Huckabee is a youthful 59. Slimmer than in his gubernatorial days but a bit heavier than in his television-host best, the genial Republican was dressed in a blue suit, crisp white shirt with French cuffs and the standard politician red tie during his back and forth with an invited list of D.C. scribes. Huckabee offered a preview of his 2016 campaign before flying off to New Hampshire for a weekend of campaigning — one that included dismissal of the GOP’s embrace of “reform conservatism” plans to overhaul Medicare and Social Security.
Huckabee ran for president in 2008 and was the surprise winner of the Iowa caucuses, the first nominating contest of the White House primary season. Former Massachusetts Gov. Mitt Romney, an early frontrunner who would end up being the GOP nominee four years later, faded behind Huckabee and Sen. John McCain, R-Ariz. McCain ended up winning the 2008 nomination after Huckabee failed to dislodge him in South Carolina.
The Arkansan-turned-Floridian transitioned to host of his own weekly television show on Fox News. Huckabee’s program commanded enough attention among conservative viewers that he was able to secure the appearance of the Republicans who ran for president in 2012 for unique, back-to-back, one-on-one interviews. He gave up the gig to presumably run for president again in 2016. He said in an interview on Fox News late Friday that he would reveal his plans on May 5 in an announcement in the town where he grew up, Hope, Ark.

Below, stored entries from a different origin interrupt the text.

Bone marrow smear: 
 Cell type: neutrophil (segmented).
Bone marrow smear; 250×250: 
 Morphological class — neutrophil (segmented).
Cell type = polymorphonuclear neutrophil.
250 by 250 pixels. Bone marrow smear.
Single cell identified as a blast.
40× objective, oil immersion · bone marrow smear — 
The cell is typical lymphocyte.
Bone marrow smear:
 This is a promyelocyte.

This time, Huckabee vows to field a better-resourced campaign built for the long haul of the primary. He has spent months traveling the country courting donors and assembling a political operation. He joins former Gov. Rick Perry of Texas and former Pennsylvania Sen. Rick Santorum as the only three candidates in the race who have run for president previously, factors that have benefited other GOP candidates. The tougher 2016 competition could prove daunting, however.
The 2008 field wasn’t horribly weak. McCain had run previously, Romney spent tens of millions of dollars of his own wealth and other candidates appeared potentially formidable. But Republican insiders have described their party’s field this cycle as perhaps the strongest in more than a generation. Huckabee’s critics question his viability, particularly with so many new-generation Republicans running who are deemed strong candidates.

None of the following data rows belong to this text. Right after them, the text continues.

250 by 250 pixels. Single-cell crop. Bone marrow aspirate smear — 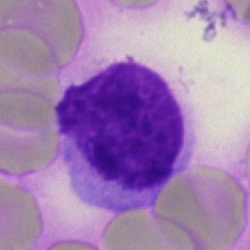Morphology consistent with a typical lymphocyte.
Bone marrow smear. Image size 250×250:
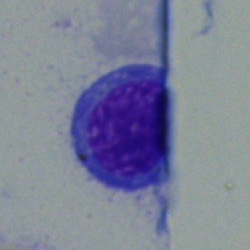
Showing a nucleated red cell.
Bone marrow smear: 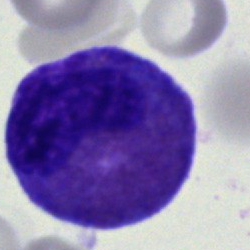

Q: What is the morphological classification of this cell?
A: It is an eosinophilic granulocyte.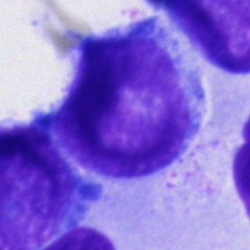 Morphology — blast cell.
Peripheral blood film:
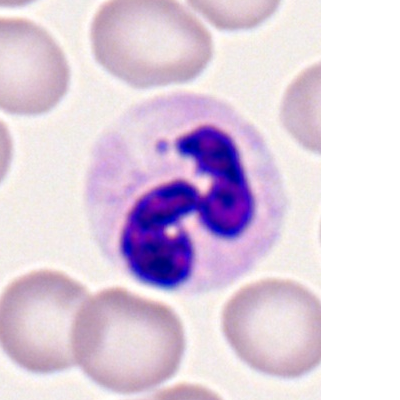 Cell: polymorphonuclear neutrophil.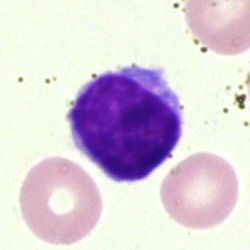 Impression — typical lymphocyte.
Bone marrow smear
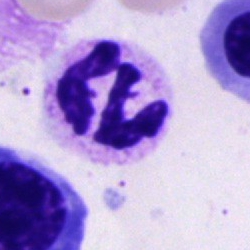 Q: Which cell type is shown here?
A: It is a neutrophil (segmented).
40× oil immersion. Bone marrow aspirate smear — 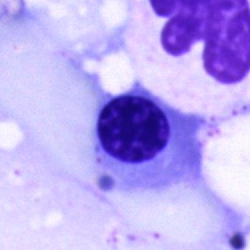

Morphology — nucleated red blood cell.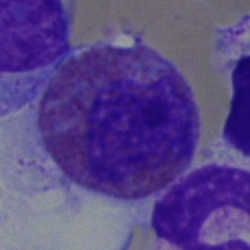Bone marrow smear showing an eosinophil.
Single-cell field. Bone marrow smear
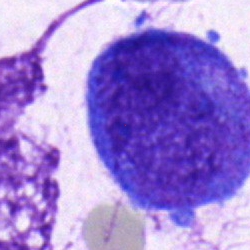
The cell shown is an undifferentiated blast.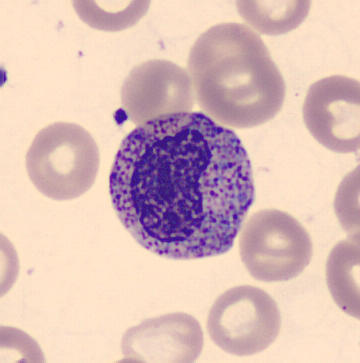

Specimen: peripheral blood film.
Morphological class: myelocyte.
Lineage: myeloid.

Huckabee shrugs off doubters who worry he might have the same handicap as Perry and former Gov. Jeb Bush of Florida — that the party might want to turn the page on leaders from the 1990s and 2000s.
Huckabee didn’t target any of his competitors by name. But his pitch for the Republicans to field an experienced, tested hand appeared to be a subtle shot at younger executives in the race with less time at the helm than he had, like Gov. Bobby Jindal of Louisiana and Gov. Scott Walker of Wisconsin. Meanwhile, Huckabee’s touting of his ability to make friends with Democrats and work with them to move legislation appeared an even less subtle jab at the young conservative senators in the race — Ted Cruz of Texas; Rand Paul of Kentucky; and Marco Rubio of Florida.
A fan of analogies, Huckabee compared governing to flying a plane, and said his bet was that Republican primary voters were interested in hiring the most experienced pilot available at a time of great turbulence.
“If you get on an airplane and are about to fly into a thunderstorm you look up at the cockpit and you see somebody in the left seat, do you want somebody who has flown through 100 thunderstorms, or do you want somebody who just came out of flight school?” he said. “Who gives you the most comfort as you’re sitting back there in the plane?”